Yvonne S. Davidson, Louis Flood, Andrew C. Robinson, Yoshihiro Nihei, Kohji Mori, Sara Rollinson, Anna Richardson, Bridget C. Benson, Matthew Jones, Julie S. Snowden, Stuart Pickering-Brown, Christian Haass, Tammaryn Lashley, David M. A. Mann

Abstract

Frontotemporal Lobar Degeneration (FTLD) encompasses certain related neurodegenerative disorders which alter behaviour, personality and language. Heterogeneous ribonuclear proteins (hnRNPs) maintain RNA metabolism and changes in their function may underpin the pathogenesis of FTLD. Immunostaining for hnRNP A1, A2/B1 and A3 was performed on sections of temporal cortex with hippocampus from 61 patients with FTLD, stratified by pathological hallmarks into FTLD-tau and FTLD-TDP type A, B and C subtypes, and by genetics into patients with C9orf72 expansions, MAPT or GRN mutations, or those without known mutation. Four patients with Motor Neurone Disease (MND) with C9orf72 expansions and 10 healthy controls were also studied.

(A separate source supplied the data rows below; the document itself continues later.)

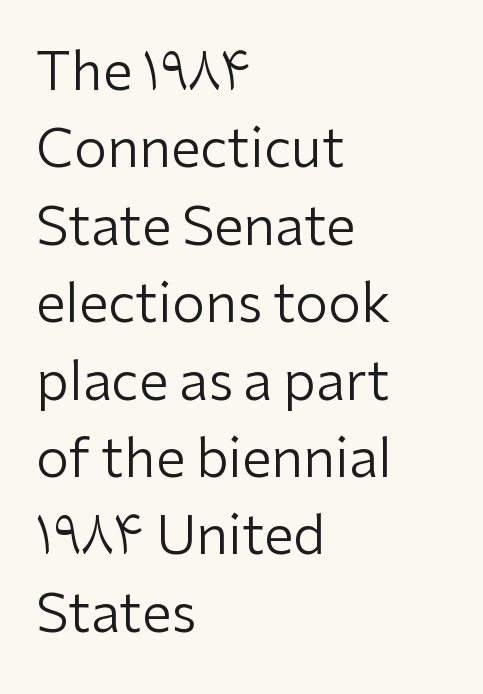
{"serif": "no", "italic": "no", "bold": "no", "weight": "regular", "width": "normal", "stroke_contrast": "low", "x_height": "medium", "monospaced": "no", "underline": "no", "align": "left", "line_spacing": "normal", "line_spacing_ratio": 1.46, "letter_spacing": "normal", "letter_spacing_em": 0.0, "glyph_px": 53}
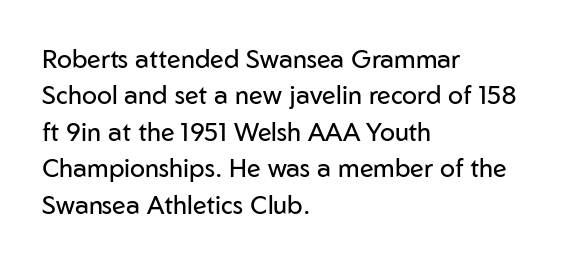
In terms of posture, this sample is upright. The passage shown has conventional tracking throughout. The zone under the glyphs is completely vacant. The lines are quadded left. These glyphs show unthickened strokes, regular width or finer. Rows of type keep a routine distance in the vertical direction.
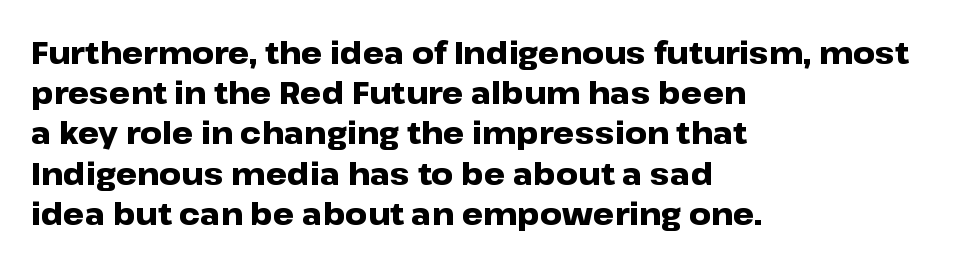
Left-aligned paragraph, ragged on the right. Characters remain perfectly vertical along every line. Rule under the text: the space is simply empty. Typesetter's note: full bold, strokes at maximum text heaviness. Leading: standard. Does the type have serifs? No, each stem ends abruptly.
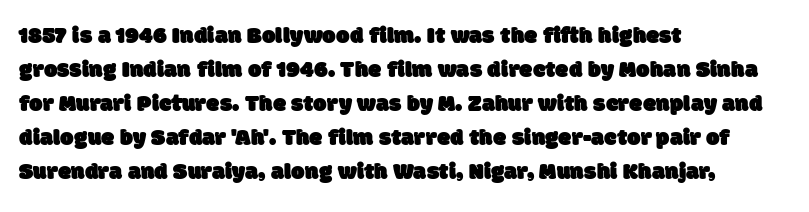
{"underline": "no", "align": "left", "line_spacing": "normal", "line_spacing_ratio": 1.42, "letter_spacing": "normal", "letter_spacing_em": 0.0, "glyph_px": 24}
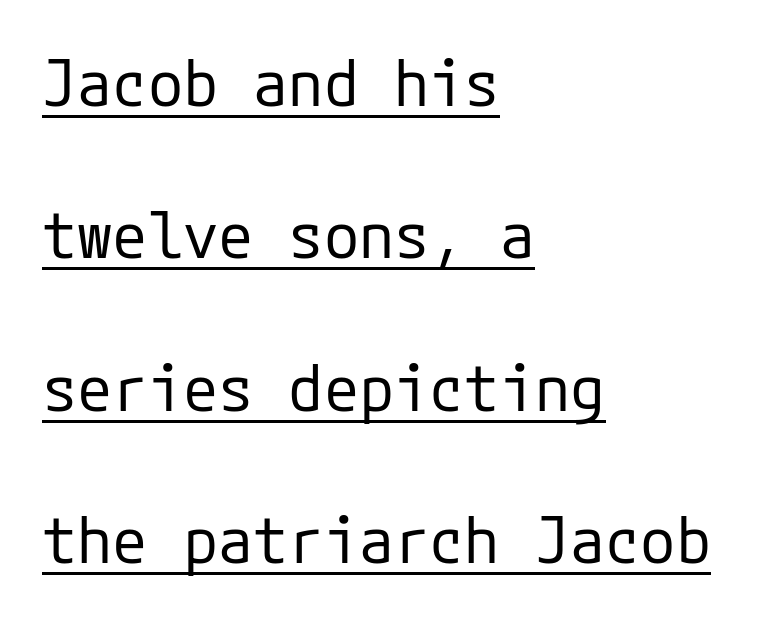
Q: Is the text bold? A: No.
Q: Is the text italic (slanted)? A: No, it is upright.
Q: Is the typeface a serif or a sans-serif typeface? A: Sans-serif.
Q: Is the text underlined? A: Yes.
Q: How is the paragraph aligned? A: Left-aligned.
Q: Is the spacing between letters normal or unusually wide? A: Normal.
Q: Is the spacing between lines tight, normal or loose? A: Loose.
Q: Width (condensed, normal, or wide)? A: Normal.
Q: Stroke contrast? A: Low.
Q: x-height? A: Medium.
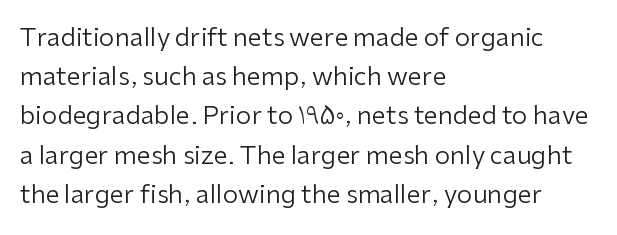
Q: Is the text bold? A: No.
Q: Is the text italic (slanted)? A: No, it is upright.
Q: Is the text underlined? A: No.
Q: How is the paragraph aligned? A: Left-aligned.
Q: Is the spacing between letters normal or unusually wide? A: Normal.
Q: Is the spacing between lines tight, normal or loose? A: Normal.
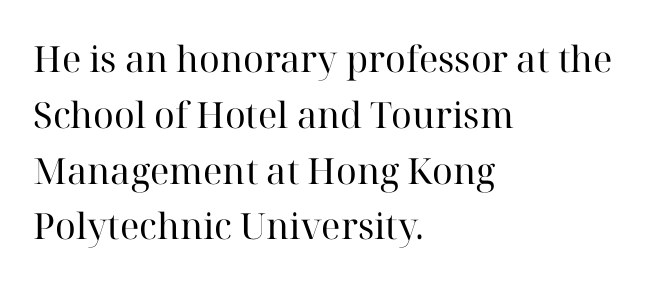
{"serif": "yes", "italic": "no", "bold": "no", "weight": "regular", "width": "normal", "stroke_contrast": "high", "x_height": "medium", "monospaced": "no", "underline": "no", "align": "left", "line_spacing": "normal", "line_spacing_ratio": 1.55, "letter_spacing": "normal", "letter_spacing_em": 0.0, "glyph_px": 36}
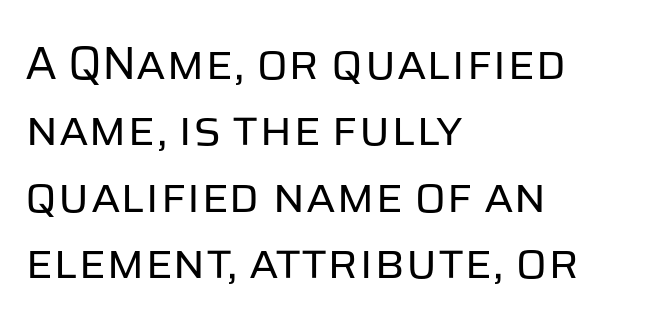
{"serif": "no", "italic": "no", "bold": "no", "weight": "regular", "width": "normal", "stroke_contrast": "low", "x_height": "large", "monospaced": "no", "underline": "no", "align": "left", "line_spacing": "normal", "line_spacing_ratio": 1.41, "letter_spacing": "normal", "letter_spacing_em": 0.0, "glyph_px": 47}
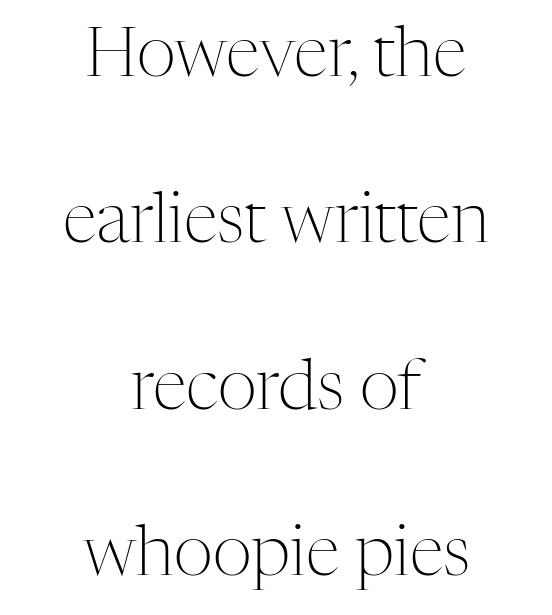
The image shows 69 px light serif type, upright; set centered, loose line spacing (2.41x), normal letter spacing, not underlined; medium stroke contrast and a medium x-height.
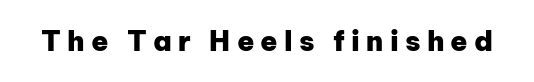
{"serif": "no", "italic": "no", "bold": "yes", "weight": "heavy", "width": "normal", "stroke_contrast": "low", "x_height": "medium", "monospaced": "no", "underline": "no", "letter_spacing": "wide", "letter_spacing_em": 0.22, "glyph_px": 28}
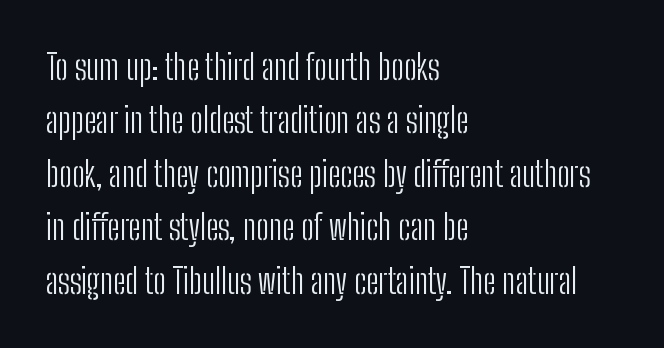
A typesetter would call this proportional, since set widths differ per character. Honestly, the letter spacing is just normal — you wouldn't notice it. Rendered with straight, roman letterforms. Glance below the letters and you will spot only blank space. Every row of glyphs begins at an identical x-position on the left. A sans-serif font was chosen for this passage.
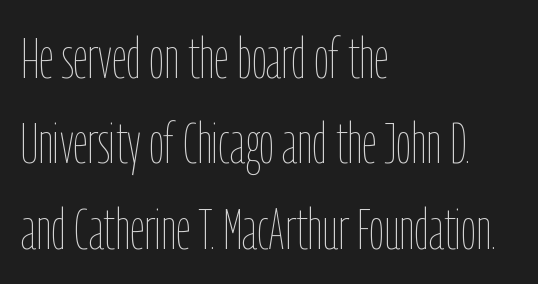
Q: Is the text bold? A: No.
Q: Is the text italic (slanted)? A: No, it is upright.
Q: Is the text underlined? A: No.
Q: How is the paragraph aligned? A: Left-aligned.
Q: Is the spacing between letters normal or unusually wide? A: Normal.
Q: Is the spacing between lines tight, normal or loose? A: Normal.
Q: Width (condensed, normal, or wide)? A: Condensed.
Q: Stroke contrast? A: Low.
Q: x-height? A: Medium.
Q: Monospaced? A: No.

Semi-quantitative analysis assessed hnRNP staining intensity in dentate gyrus (DG) and CA4 region of hippocampus, and temporal cortex (Tcx) in the different pathological and genetic groups.Immunostaining for hnRNP A1, A2/B1 and A3 revealed no consistent changes in pattern or amount of physiological staining across any of the pathological or genetic groups. No immunostaining of any inclusions resembling TDP-43 immunoreactive neuronal cytoplasmic inclusions or dystrophic neurites, was seen in either Tcx or DG of the hippocampus in any of the FTLD cases investigated for hnRNP A1, A2/B1 and A3. However, immunostaining for hnRNP A3 showed that inclusion bodies, resembling those TDP-43 negative, p62-immunopositive structures containing dipeptide repeat proteins (DPR) were variably observed in hippocampus and cerebellum. The proportion of cases showing hnRNP A3-immunoreactive DPR, and the number of hnRNP A3-positive inclusions within cases, was significantly greater in DG than in cells of CA4 region and cerebellum, but the latter was significantly less in all three regions compared to that detected by p62 immunostaining.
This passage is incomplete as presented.